Source records:
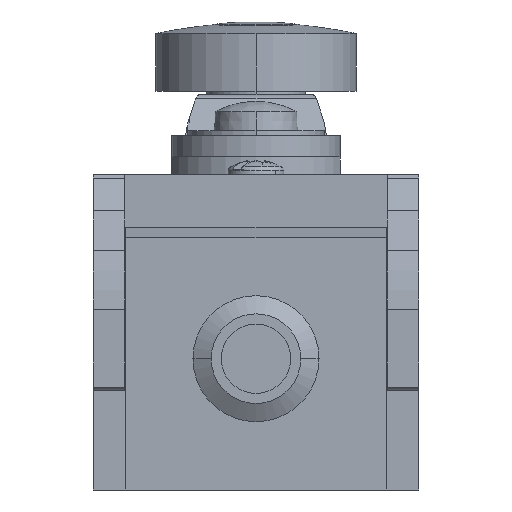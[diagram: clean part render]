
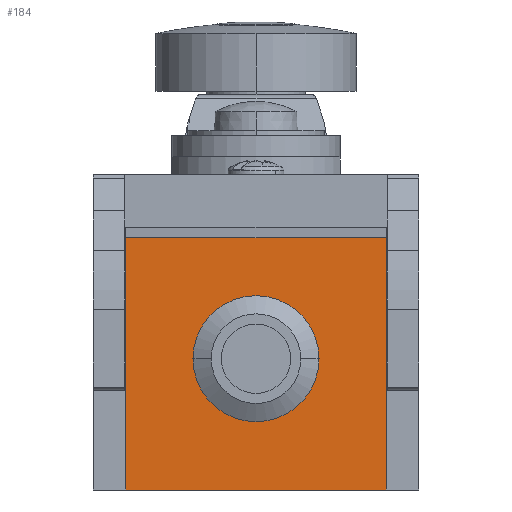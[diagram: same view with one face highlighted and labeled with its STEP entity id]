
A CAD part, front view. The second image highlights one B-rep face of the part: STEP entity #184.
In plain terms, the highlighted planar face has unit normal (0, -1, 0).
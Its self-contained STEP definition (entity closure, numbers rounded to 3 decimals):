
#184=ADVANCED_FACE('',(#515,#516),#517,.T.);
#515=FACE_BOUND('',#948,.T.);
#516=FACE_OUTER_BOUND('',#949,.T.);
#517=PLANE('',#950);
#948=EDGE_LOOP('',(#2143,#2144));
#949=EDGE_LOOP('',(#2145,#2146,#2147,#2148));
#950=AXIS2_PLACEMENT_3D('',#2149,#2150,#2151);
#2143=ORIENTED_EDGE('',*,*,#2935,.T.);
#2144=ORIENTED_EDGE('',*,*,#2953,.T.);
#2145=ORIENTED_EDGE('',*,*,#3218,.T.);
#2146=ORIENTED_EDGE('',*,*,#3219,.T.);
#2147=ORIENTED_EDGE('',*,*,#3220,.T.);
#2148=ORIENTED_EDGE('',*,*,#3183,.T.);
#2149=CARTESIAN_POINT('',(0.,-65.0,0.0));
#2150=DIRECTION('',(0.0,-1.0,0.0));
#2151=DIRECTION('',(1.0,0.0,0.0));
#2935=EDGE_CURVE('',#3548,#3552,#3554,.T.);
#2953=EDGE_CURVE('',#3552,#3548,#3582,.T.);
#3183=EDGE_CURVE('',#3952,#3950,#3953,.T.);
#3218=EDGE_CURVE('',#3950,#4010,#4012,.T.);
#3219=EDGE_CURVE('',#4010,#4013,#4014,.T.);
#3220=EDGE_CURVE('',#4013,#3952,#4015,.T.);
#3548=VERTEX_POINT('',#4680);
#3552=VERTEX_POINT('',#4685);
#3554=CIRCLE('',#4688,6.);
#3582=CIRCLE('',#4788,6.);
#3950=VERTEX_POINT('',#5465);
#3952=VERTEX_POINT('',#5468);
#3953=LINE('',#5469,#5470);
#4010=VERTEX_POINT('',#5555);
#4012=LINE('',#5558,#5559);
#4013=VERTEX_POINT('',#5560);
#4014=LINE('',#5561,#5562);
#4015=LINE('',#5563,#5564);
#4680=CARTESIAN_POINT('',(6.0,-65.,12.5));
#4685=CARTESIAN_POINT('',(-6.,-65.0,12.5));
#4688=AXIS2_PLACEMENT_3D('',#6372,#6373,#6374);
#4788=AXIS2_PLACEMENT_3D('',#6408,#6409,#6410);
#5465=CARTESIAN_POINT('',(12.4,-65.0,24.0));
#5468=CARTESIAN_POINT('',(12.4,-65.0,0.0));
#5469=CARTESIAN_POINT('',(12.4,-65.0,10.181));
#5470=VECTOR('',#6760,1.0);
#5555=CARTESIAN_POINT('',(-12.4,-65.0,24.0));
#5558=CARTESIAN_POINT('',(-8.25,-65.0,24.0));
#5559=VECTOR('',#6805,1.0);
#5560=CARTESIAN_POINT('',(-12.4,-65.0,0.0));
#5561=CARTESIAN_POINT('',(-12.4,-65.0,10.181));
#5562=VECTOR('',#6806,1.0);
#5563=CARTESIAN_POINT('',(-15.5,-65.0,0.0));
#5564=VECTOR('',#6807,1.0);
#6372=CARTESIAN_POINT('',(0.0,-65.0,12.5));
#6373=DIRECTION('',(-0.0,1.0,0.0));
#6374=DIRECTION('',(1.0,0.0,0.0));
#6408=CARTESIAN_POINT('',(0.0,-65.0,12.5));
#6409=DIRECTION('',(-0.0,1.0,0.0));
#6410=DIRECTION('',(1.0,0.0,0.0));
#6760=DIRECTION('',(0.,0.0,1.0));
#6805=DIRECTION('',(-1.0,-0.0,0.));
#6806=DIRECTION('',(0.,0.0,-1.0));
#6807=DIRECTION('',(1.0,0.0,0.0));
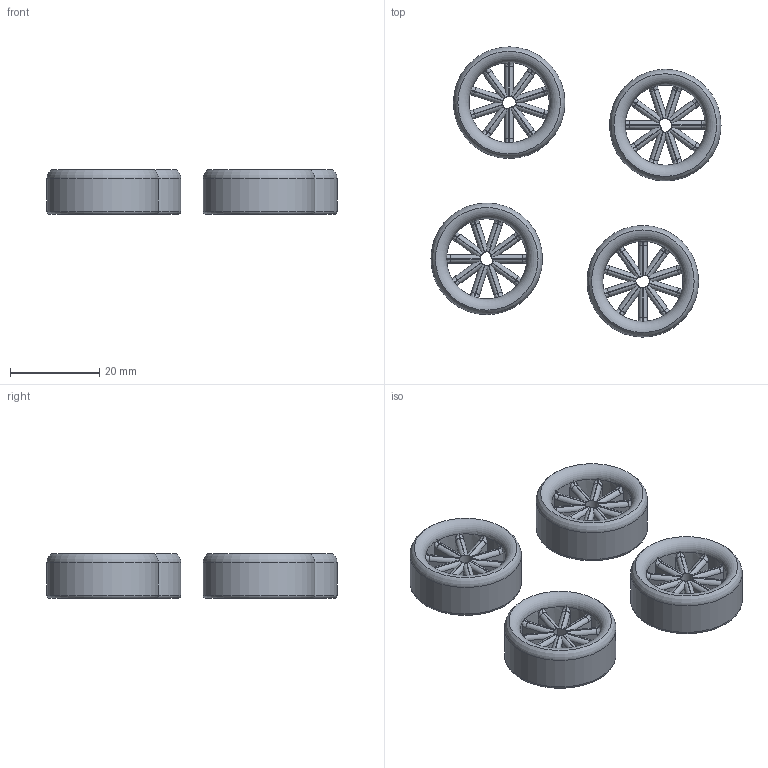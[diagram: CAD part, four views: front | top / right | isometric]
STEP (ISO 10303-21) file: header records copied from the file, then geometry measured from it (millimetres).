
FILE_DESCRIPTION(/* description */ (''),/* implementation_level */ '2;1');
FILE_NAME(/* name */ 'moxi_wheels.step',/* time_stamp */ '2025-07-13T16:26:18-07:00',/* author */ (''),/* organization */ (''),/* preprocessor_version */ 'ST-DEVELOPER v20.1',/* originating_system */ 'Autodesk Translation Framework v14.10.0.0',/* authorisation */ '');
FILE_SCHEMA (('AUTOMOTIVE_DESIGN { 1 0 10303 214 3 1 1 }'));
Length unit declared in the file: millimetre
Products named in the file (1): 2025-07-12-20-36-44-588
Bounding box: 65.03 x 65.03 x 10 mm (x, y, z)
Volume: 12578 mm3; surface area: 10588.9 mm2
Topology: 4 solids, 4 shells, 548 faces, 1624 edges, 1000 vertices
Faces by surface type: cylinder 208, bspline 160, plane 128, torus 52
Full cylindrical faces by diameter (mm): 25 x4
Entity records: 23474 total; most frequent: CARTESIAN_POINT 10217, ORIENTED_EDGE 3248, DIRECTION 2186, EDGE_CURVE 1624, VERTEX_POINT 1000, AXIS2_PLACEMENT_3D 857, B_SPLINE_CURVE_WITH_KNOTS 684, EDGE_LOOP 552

Exercise instructions
Transcribe nothing but the lines from the one containing "#6372=CARTESIAN_POINT('',(0.0,-65.0,12.5));" through the final line of the records, exactly as written and without pictures.

Solved exercise
#6372=CARTESIAN_POINT('',(0.0,-65.0,12.5));
#6373=DIRECTION('',(-0.0,1.0,0.0));
#6374=DIRECTION('',(1.0,0.0,0.0));
#6408=CARTESIAN_POINT('',(0.0,-65.0,12.5));
#6409=DIRECTION('',(-0.0,1.0,0.0));
#6410=DIRECTION('',(1.0,0.0,0.0));
#6760=DIRECTION('',(0.,0.0,1.0));
#6805=DIRECTION('',(-1.0,-0.0,0.));
#6806=DIRECTION('',(0.,0.0,-1.0));
#6807=DIRECTION('',(1.0,0.0,0.0));
[diagram: CAD part, four views: front | top / right | isometric]
STEP (ISO 10303-21) file: header records copied from the file, then geometry measured from it (millimetres).
FILE_DESCRIPTION(/* description */ (''),/* implementation_level */ '2;1');
FILE_NAME(/* name */ 'moxi_wheels.step',/* time_stamp */ '2025-07-13T16:26:18-07:00',/* author */ (''),/* organization */ (''),/* preprocessor_version */ 'ST-DEVELOPER v20.1',/* originating_system */ 'Autodesk Translation Framework v14.10.0.0',/* authorisation */ '');
FILE_SCHEMA (('AUTOMOTIVE_DESIGN { 1 0 10303 214 3 1 1 }'));
Length unit declared in the file: millimetre
Products named in the file (1): 2025-07-12-20-36-44-588
Bounding box: 65.03 x 65.03 x 10 mm (x, y, z)
Volume: 12578 mm3; surface area: 10588.9 mm2
Topology: 4 solids, 4 shells, 548 faces, 1624 edges, 1000 vertices
Faces by surface type: cylinder 208, bspline 160, plane 128, torus 52
Full cylindrical faces by diameter (mm): 25 x4
Entity records: 23474 total; most frequent: CARTESIAN_POINT 10217, ORIENTED_EDGE 3248, DIRECTION 2186, EDGE_CURVE 1624, VERTEX_POINT 1000, AXIS2_PLACEMENT_3D 857, B_SPLINE_CURVE_WITH_KNOTS 684, EDGE_LOOP 552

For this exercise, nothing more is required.